The Connection has the thrill of the chase, suspense, two brilliant calculating minds pitted against one another, and awe, as it becomes more and more clear how broad the involvement in illegal activity extends up to high levels of government and across geographical space. It also shows the value of persistence and belief in oneself in pursuing justice—but as well the tremendous price one may have to pay for it eventually.
The star, the award-winning Jean Dujardin (The Artist, The Wolf of Wall Street, The Monuments Men), plays a newly appointed magistrate in Marseilles, France, Pierre Michel, who comes to the job reluctantly, preferring to stay on at his current job in the juvenile system. But the drug trade has reached such proportions, he is pressured into accepting the new position, and he immediately goes to work on the case. The kingpin of the drug cartel, Gaëtan “Tany” Zampa (Lellouche), is portrayed as a worthy counterpart to Michel—and the actors even resemble one another in physical appearance and smart attire. I think this resemblance is purposeful in illustrating how criminals may not Iook the part, can be as measured and intelligent in solving problems as the good guys, and value loyalty and family traditions just as much. One of the eeriest, chilling scenes in the film is the two men meeting face to face on a relatively deserted road in the mountains and exchanging veiled threats and dares. Clearly, they are equal matches.
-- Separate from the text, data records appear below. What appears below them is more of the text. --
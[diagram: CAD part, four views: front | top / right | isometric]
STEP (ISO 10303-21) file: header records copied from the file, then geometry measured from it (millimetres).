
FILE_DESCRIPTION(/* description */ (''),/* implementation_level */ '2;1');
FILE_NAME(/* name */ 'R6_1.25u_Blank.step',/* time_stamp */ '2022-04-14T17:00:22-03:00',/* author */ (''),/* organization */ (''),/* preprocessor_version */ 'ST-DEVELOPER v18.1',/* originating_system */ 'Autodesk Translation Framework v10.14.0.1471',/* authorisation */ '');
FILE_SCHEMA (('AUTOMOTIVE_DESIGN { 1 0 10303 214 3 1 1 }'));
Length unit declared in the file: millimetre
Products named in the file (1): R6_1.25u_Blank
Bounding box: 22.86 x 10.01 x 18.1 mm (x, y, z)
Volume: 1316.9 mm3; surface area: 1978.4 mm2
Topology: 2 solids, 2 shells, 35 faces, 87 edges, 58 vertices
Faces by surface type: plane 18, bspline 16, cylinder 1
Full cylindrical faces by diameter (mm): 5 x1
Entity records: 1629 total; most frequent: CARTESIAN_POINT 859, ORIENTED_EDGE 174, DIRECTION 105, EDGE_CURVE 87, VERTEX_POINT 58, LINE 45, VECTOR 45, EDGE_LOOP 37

Michel is persistent and calculating in setting up traps to bring in Zampa; aware of Zampa’s values in loyalty and being a father figure, the magistrate begins rounding up a wide swath of Zampa’s men, even those closest to him. Zampa is also calculating and rather cold-hearted despite some of his other traits, and he expects to elude Michel’s efforts by ramping up his efforts to close an important deal in the U.S. However, this means the FBI will get involved, which ups the ante.
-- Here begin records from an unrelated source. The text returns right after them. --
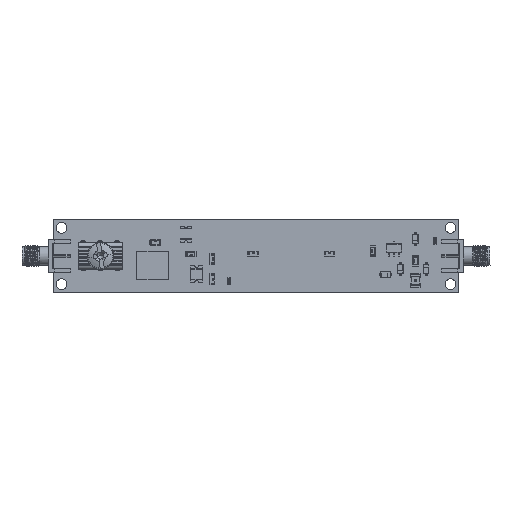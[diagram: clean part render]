
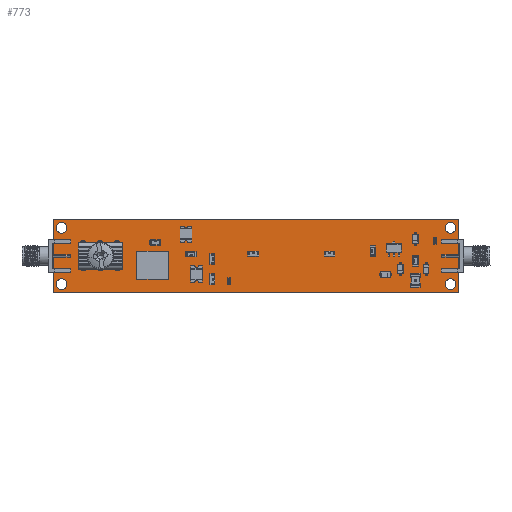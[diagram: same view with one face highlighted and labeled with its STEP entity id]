
A CAD part, top view. The second image highlights one B-rep face of the part: STEP entity #773.
In plain terms, the highlighted planar face has unit normal (0, 0, 1).
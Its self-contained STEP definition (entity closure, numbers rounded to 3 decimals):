
#140 = VERTEX_POINT('',#141);
#141 = CARTESIAN_POINT('',(0.,0.,1.655));
#147 = EDGE_CURVE('',#140,#148,#150,.T.);
#148 = VERTEX_POINT('',#149);
#149 = CARTESIAN_POINT('',(119.38,0.,1.655));
#150 = LINE('',#151,#152);
#151 = CARTESIAN_POINT('',(0.,0.,1.655));
#152 = VECTOR('',#153,1.);
#153 = DIRECTION('',(1.,0.,0.));
#178 = EDGE_CURVE('',#148,#179,#181,.T.);
#179 = VERTEX_POINT('',#180);
#180 = CARTESIAN_POINT('',(119.38,21.59,1.655));
#181 = LINE('',#182,#183);
#182 = CARTESIAN_POINT('',(119.38,0.,1.655));
#183 = VECTOR('',#184,1.);
#184 = DIRECTION('',(0.,1.,0.));
#209 = EDGE_CURVE('',#179,#210,#212,.T.);
#210 = VERTEX_POINT('',#211);
#211 = CARTESIAN_POINT('',(0.,21.59,1.655));
#212 = LINE('',#213,#214);
#213 = CARTESIAN_POINT('',(119.38,21.59,1.655));
#214 = VECTOR('',#215,1.);
#215 = DIRECTION('',(-1.,0.,0.));
#240 = EDGE_CURVE('',#210,#140,#241,.T.);
#241 = LINE('',#242,#243);
#242 = CARTESIAN_POINT('',(0.,21.59,1.655));
#243 = VECTOR('',#244,1.);
#244 = DIRECTION('',(0.,-1.,0.));
#264 = VERTEX_POINT('',#265);
#265 = CARTESIAN_POINT('',(4.088,2.5,1.655));
#271 = EDGE_CURVE('',#264,#264,#272,.T.);
#272 = CIRCLE('',#273,1.588);
#273 = AXIS2_PLACEMENT_3D('',#274,#275,#276);
#274 = CARTESIAN_POINT('',(2.5,2.5,1.655));
#275 = DIRECTION('',(0.,0.,1.));
#276 = DIRECTION('',(1.,0.,0.));
#297 = VERTEX_POINT('',#298);
#298 = CARTESIAN_POINT('',(14.865,7.4,1.655));
#304 = EDGE_CURVE('',#297,#297,#305,.T.);
#305 = CIRCLE('',#306,0.965);
#306 = AXIS2_PLACEMENT_3D('',#307,#308,#309);
#307 = CARTESIAN_POINT('',(13.9,7.4,1.655));
#308 = DIRECTION('',(0.,0.,1.));
#309 = DIRECTION('',(1.,0.,0.));
#330 = VERTEX_POINT('',#331);
#331 = CARTESIAN_POINT('',(9.865,7.4,1.655));
#337 = EDGE_CURVE('',#330,#330,#338,.T.);
#338 = CIRCLE('',#339,0.965);
#339 = AXIS2_PLACEMENT_3D('',#340,#341,#342);
#340 = CARTESIAN_POINT('',(8.9,7.4,1.655));
#341 = DIRECTION('',(0.,0.,1.));
#342 = DIRECTION('',(1.,0.,0.));
#363 = VERTEX_POINT('',#364);
#364 = CARTESIAN_POINT('',(3.05,6.795,1.655));
#370 = EDGE_CURVE('',#363,#363,#371,.T.);
#371 = CIRCLE('',#372,0.25);
#372 = AXIS2_PLACEMENT_3D('',#373,#374,#375);
#373 = CARTESIAN_POINT('',(2.8,6.795,1.655));
#374 = DIRECTION('',(0.,0.,1.));
#375 = DIRECTION('',(1.,0.,0.));
#396 = VERTEX_POINT('',#397);
#397 = CARTESIAN_POINT('',(3.05,14.795,1.655));
#403 = EDGE_CURVE('',#396,#396,#404,.T.);
#404 = CIRCLE('',#405,0.25);
#405 = AXIS2_PLACEMENT_3D('',#406,#407,#408);
#406 = CARTESIAN_POINT('',(2.8,14.795,1.655));
#407 = DIRECTION('',(0.,0.,1.));
#408 = DIRECTION('',(1.,0.,0.));
#429 = VERTEX_POINT('',#430);
#430 = CARTESIAN_POINT('',(9.865,14.4,1.655));
#436 = EDGE_CURVE('',#429,#429,#437,.T.);
#437 = CIRCLE('',#438,0.965);
#438 = AXIS2_PLACEMENT_3D('',#439,#440,#441);
#439 = CARTESIAN_POINT('',(8.9,14.4,1.655));
#440 = DIRECTION('',(0.,0.,1.));
#441 = DIRECTION('',(1.,0.,0.));
#462 = VERTEX_POINT('',#463);
#463 = CARTESIAN_POINT('',(4.088,19.1,1.655));
#469 = EDGE_CURVE('',#462,#462,#470,.T.);
#470 = CIRCLE('',#471,1.588);
#471 = AXIS2_PLACEMENT_3D('',#472,#473,#474);
#472 = CARTESIAN_POINT('',(2.5,19.1,1.655));
#473 = DIRECTION('',(0.,0.,1.));
#474 = DIRECTION('',(1.,0.,0.));
#495 = VERTEX_POINT('',#496);
#496 = CARTESIAN_POINT('',(19.865,7.4,1.655));
#502 = EDGE_CURVE('',#495,#495,#503,.T.);
#503 = CIRCLE('',#504,0.965);
#504 = AXIS2_PLACEMENT_3D('',#505,#506,#507);
#505 = CARTESIAN_POINT('',(18.9,7.4,1.655));
#506 = DIRECTION('',(0.,0.,1.));
#507 = DIRECTION('',(1.,0.,0.));
#528 = VERTEX_POINT('',#529);
#529 = CARTESIAN_POINT('',(118.487,2.5,1.655));
#535 = EDGE_CURVE('',#528,#528,#536,.T.);
#536 = CIRCLE('',#537,1.588);
#537 = AXIS2_PLACEMENT_3D('',#538,#539,#540);
#538 = CARTESIAN_POINT('',(116.9,2.5,1.655));
#539 = DIRECTION('',(0.,0.,1.));
#540 = DIRECTION('',(1.,0.,0.));
#561 = VERTEX_POINT('',#562);
#562 = CARTESIAN_POINT('',(116.83,6.795,1.655));
#568 = EDGE_CURVE('',#561,#561,#569,.T.);
#569 = CIRCLE('',#570,0.25);
#570 = AXIS2_PLACEMENT_3D('',#571,#572,#573);
#571 = CARTESIAN_POINT('',(116.58,6.795,1.655));
#572 = DIRECTION('',(0.,0.,1.));
#573 = DIRECTION('',(1.,0.,0.));
#594 = VERTEX_POINT('',#595);
#595 = CARTESIAN_POINT('',(19.865,14.4,1.655));
#601 = EDGE_CURVE('',#594,#594,#602,.T.);
#602 = CIRCLE('',#603,0.965);
#603 = AXIS2_PLACEMENT_3D('',#604,#605,#606);
#604 = CARTESIAN_POINT('',(18.9,14.4,1.655));
#605 = DIRECTION('',(0.,0.,1.));
#606 = DIRECTION('',(1.,0.,0.));
#627 = VERTEX_POINT('',#628);
#628 = CARTESIAN_POINT('',(14.865,14.4,1.655));
#634 = EDGE_CURVE('',#627,#627,#635,.T.);
#635 = CIRCLE('',#636,0.965);
#636 = AXIS2_PLACEMENT_3D('',#637,#638,#639);
#637 = CARTESIAN_POINT('',(13.9,14.4,1.655));
#638 = DIRECTION('',(0.,0.,1.));
#639 = DIRECTION('',(1.,0.,0.));
#660 = VERTEX_POINT('',#661);
#661 = CARTESIAN_POINT('',(116.83,14.795,1.655));
#667 = EDGE_CURVE('',#660,#660,#668,.T.);
#668 = CIRCLE('',#669,0.25);
#669 = AXIS2_PLACEMENT_3D('',#670,#671,#672);
#670 = CARTESIAN_POINT('',(116.58,14.795,1.655));
#671 = DIRECTION('',(0.,0.,1.));
#672 = DIRECTION('',(1.,0.,0.));
#693 = VERTEX_POINT('',#694);
#694 = CARTESIAN_POINT('',(118.487,19.1,1.655));
#700 = EDGE_CURVE('',#693,#693,#701,.T.);
#701 = CIRCLE('',#702,1.588);
#702 = AXIS2_PLACEMENT_3D('',#703,#704,#705);
#703 = CARTESIAN_POINT('',(116.9,19.1,1.655));
#704 = DIRECTION('',(0.,0.,1.));
#705 = DIRECTION('',(1.,0.,0.));
#773 = ADVANCED_FACE('',(#774,#780,#783,#786,#789,#792,#795,#798,#801,
    #804,#807,#810,#813,#816,#819),#822,.F.);
#774 = FACE_BOUND('',#775,.T.);
#775 = EDGE_LOOP('',(#776,#777,#778,#779));
#776 = ORIENTED_EDGE('',*,*,#147,.T.);
#777 = ORIENTED_EDGE('',*,*,#178,.T.);
#778 = ORIENTED_EDGE('',*,*,#209,.T.);
#779 = ORIENTED_EDGE('',*,*,#240,.T.);
#780 = FACE_BOUND('',#781,.F.);
#781 = EDGE_LOOP('',(#782));
#782 = ORIENTED_EDGE('',*,*,#271,.T.);
#783 = FACE_BOUND('',#784,.F.);
#784 = EDGE_LOOP('',(#785));
#785 = ORIENTED_EDGE('',*,*,#304,.T.);
#786 = FACE_BOUND('',#787,.F.);
#787 = EDGE_LOOP('',(#788));
#788 = ORIENTED_EDGE('',*,*,#337,.T.);
#789 = FACE_BOUND('',#790,.F.);
#790 = EDGE_LOOP('',(#791));
#791 = ORIENTED_EDGE('',*,*,#370,.T.);
#792 = FACE_BOUND('',#793,.F.);
#793 = EDGE_LOOP('',(#794));
#794 = ORIENTED_EDGE('',*,*,#403,.T.);
#795 = FACE_BOUND('',#796,.F.);
#796 = EDGE_LOOP('',(#797));
#797 = ORIENTED_EDGE('',*,*,#436,.T.);
#798 = FACE_BOUND('',#799,.F.);
#799 = EDGE_LOOP('',(#800));
#800 = ORIENTED_EDGE('',*,*,#469,.T.);
#801 = FACE_BOUND('',#802,.F.);
#802 = EDGE_LOOP('',(#803));
#803 = ORIENTED_EDGE('',*,*,#502,.T.);
#804 = FACE_BOUND('',#805,.F.);
#805 = EDGE_LOOP('',(#806));
#806 = ORIENTED_EDGE('',*,*,#535,.T.);
#807 = FACE_BOUND('',#808,.F.);
#808 = EDGE_LOOP('',(#809));
#809 = ORIENTED_EDGE('',*,*,#568,.T.);
#810 = FACE_BOUND('',#811,.F.);
#811 = EDGE_LOOP('',(#812));
#812 = ORIENTED_EDGE('',*,*,#601,.T.);
#813 = FACE_BOUND('',#814,.F.);
#814 = EDGE_LOOP('',(#815));
#815 = ORIENTED_EDGE('',*,*,#634,.T.);
#816 = FACE_BOUND('',#817,.F.);
#817 = EDGE_LOOP('',(#818));
#818 = ORIENTED_EDGE('',*,*,#667,.T.);
#819 = FACE_BOUND('',#820,.F.);
#820 = EDGE_LOOP('',(#821));
#821 = ORIENTED_EDGE('',*,*,#700,.T.);
#822 = PLANE('',#823);
#823 = AXIS2_PLACEMENT_3D('',#824,#825,#826);
#824 = CARTESIAN_POINT('',(0.,0.,1.655));
#825 = DIRECTION('',(0.,0.,-1.));
#826 = DIRECTION('',(-1.,0.,0.));

The film is inspired by a true story, the same one from which William Friedkin’s 1971 film, The French Connection, was drawn, but this French writer/director, Cedric Jimenez, wanted his version to be viewed from a European perspective. I think he is successful in this effort, and the story is worth telling again as a fresh take on the drug business, which is still plaguing us today, a problem that reaches to government involvement at the highest levels in some countries.
Jimenez is a producer who came to screen writing and directing only recently, and he does a credible job in making The Connection exciting and suspenseful, helped greatly by Dujardin’s and Lellouche’s fine acting.
The price of justice may be ever so dear.